Post by nurnobi85 on Feb 11, 2024 22:43:35 GMT -8
Involved in the operation have a share equal to or equivalent to 20% of the relevant market reached, notification will be mandatory, regardless of the revenue value. To reinforce the correctness of the exegesis that the revenue to be sized must take into account exclusively the national territory, it is worth mentioning that the majority of operations analyzed by CADE involving companies that have revenues of less than R$400,000,000.00 in Brazil did not present any impact significant in the national territory. In fact, it is quite symptomatic that SEAE's opinions have provided that mergers carried out outside the national territory, whose applicants have gross revenues globally considered to be greater than.
But revenues in the national territory less than that amount, in addition with a share of less than 20% in a relevant national market, in no way are or could be considered harmful to competition, due to the insignificance of their share and revenue in the national territory. Furthermore, it should be noted that, of the total number of concentration acts approved with some restriction by the CADE Council in Dubai Email List the last three years [2002, 2003 and 2004], only in one of them [out of a total of 67], the applicants had gross revenue in national territory and share in a relevant national market of less than R$400 million and 20%, respectively. However, the condition imposed on the approval of the operation referred.
To the mere reduction of the contractual non-competition clause to 5 years, an effective determination regardless of the effects of the operation on the competitive environment. Thus, it is possible to state that in all operations that were restricted because they produced anti-competitive effects, the revenue of companies in Brazil was equal to or greater than R$400 million, or there was market concentration above 20%. In other words, during the period analyzed, there was never any anti-competitive impact of operations between companies with revenues of less than R$400 million in Brazilian territory or that concentrated less than 20% of the relevant market involved. Consequently.
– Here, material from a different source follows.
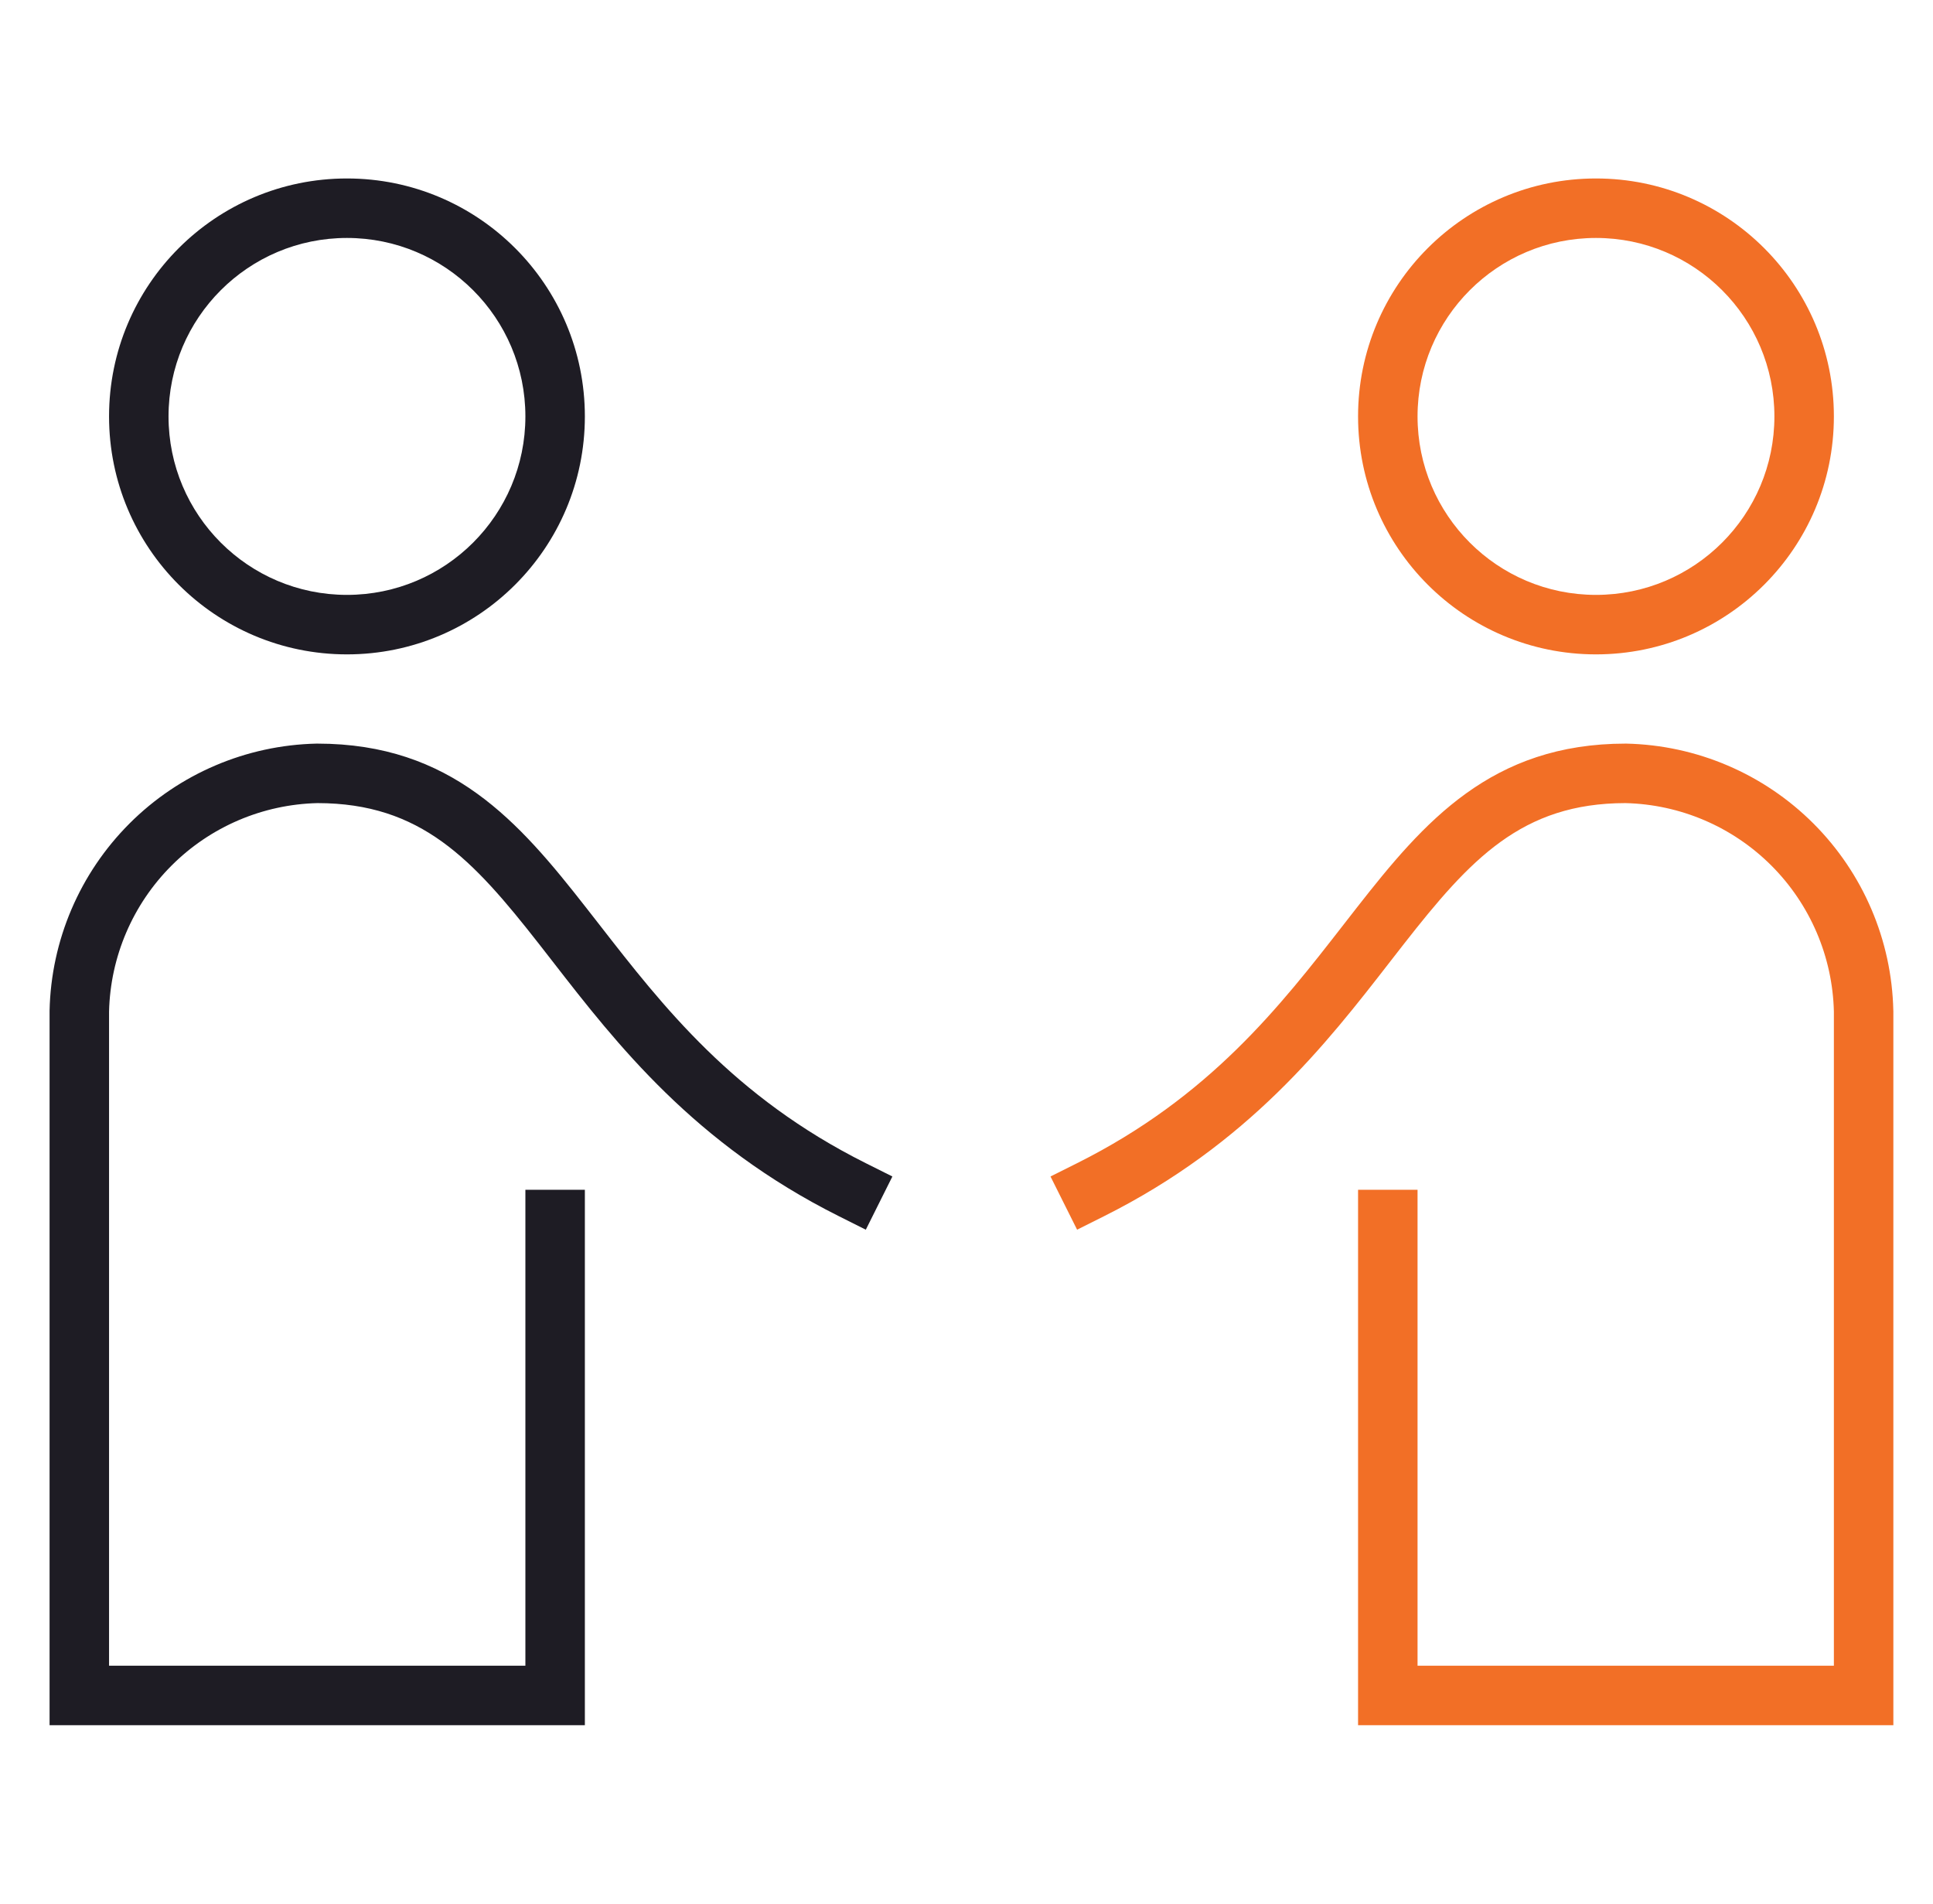 <?xml version="1.0" encoding="UTF-8"?> <svg xmlns="http://www.w3.org/2000/svg" width="65" height="64" viewBox="0 0 65 64" fill="none"><g id="Join"><g id="Vector"><path fill-rule="evenodd" clip-rule="evenodd" d="M11.667 8C8.353 8 5.667 10.686 5.667 14C5.667 17.314 8.353 20 11.667 20C14.98 20 17.667 17.314 17.667 14C17.667 10.686 14.98 8 11.667 8ZM3.667 14C3.667 9.582 7.248 6 11.667 6C16.085 6 19.667 9.582 19.667 14C19.667 18.418 16.085 22 11.667 22C7.248 22 3.667 18.418 3.667 14Z" fill="#1E1C24"></path><path fill-rule="evenodd" clip-rule="evenodd" d="M10.656 25H10.667C15.182 25 17.447 27.624 19.704 30.509C19.853 30.699 20.002 30.891 20.153 31.084C22.294 33.837 24.658 36.878 29.114 39.106L30.008 39.553L29.114 41.342L28.22 40.894C23.346 38.458 20.733 35.093 18.593 32.337C18.436 32.135 18.282 31.936 18.129 31.741C15.889 28.879 14.155 27.004 10.678 27C8.832 27.043 7.073 27.795 5.768 29.101C4.462 30.407 3.71 32.165 3.667 34.011V56H17.667V40H19.667V58H1.667V33.989L1.667 33.978C1.718 31.613 2.681 29.36 4.354 27.687C6.026 26.014 8.28 25.052 10.645 25L10.656 25Z" fill="#1E1C24"></path><path fill-rule="evenodd" clip-rule="evenodd" d="M53.667 8C50.353 8 47.667 10.686 47.667 14C47.667 17.314 50.353 20 53.667 20C56.98 20 59.667 17.314 59.667 14C59.667 10.686 56.98 8 53.667 8ZM45.667 14C45.667 9.582 49.248 6 53.667 6C58.085 6 61.667 9.582 61.667 14C61.667 18.418 58.085 22 53.667 22C49.248 22 45.667 18.418 45.667 14Z" fill="#F26F26"></path><path fill-rule="evenodd" clip-rule="evenodd" d="M46.74 32.337C44.601 35.093 41.987 38.458 37.114 40.894L36.219 41.342L35.325 39.553L36.219 39.106C40.675 36.878 43.04 33.837 45.181 31.084C45.331 30.891 45.48 30.699 45.629 30.509C47.887 27.624 50.152 25 54.667 25H54.678L54.688 25C57.053 25.052 59.307 26.014 60.98 27.687C62.653 29.36 63.615 31.613 63.666 33.978L63.667 33.989V58H45.667V40H47.667V56H61.667V34.011C61.624 32.165 60.871 30.407 59.566 29.101C58.26 27.795 56.502 27.043 54.656 27C51.178 27.004 49.444 28.879 47.204 31.741C47.052 31.936 46.897 32.135 46.74 32.337Z" fill="#F26F26"></path></g></g></svg>

But revenues in the national territory less than that amount, in addition with a share of less than 20% in a relevant national market, in no way are or could be considered harmful to competition, due to the insignificance of their share and revenue in the national territory. Furthermore, it should be noted that, of the total number of concentration acts approved with some restriction by the CADE Council in Dubai Email List the last three years [2002, 2003 and 2004], only in one of them [out of a total of 67], the applicants had gross revenue in national territory and share in a relevant national market of less than R$400 million and 20%, respectively. However, the condition imposed on the approval of the operation referred.
To the mere reduction of the contractual non-competition clause to 5 years, an effective determination regardless of the effects of the operation on the competitive environment. Thus, it is possible to state that in all operations that were restricted because they produced anti-competitive effects, the revenue of companies in Brazil was equal to or greater than R$400 million, or there was market concentration above 20%. In other words, during the period analyzed, there was never any anti-competitive impact of operations between companies with revenues of less than R$400 million in Brazilian territory or that concentrated less than 20% of the relevant market involved. Consequently.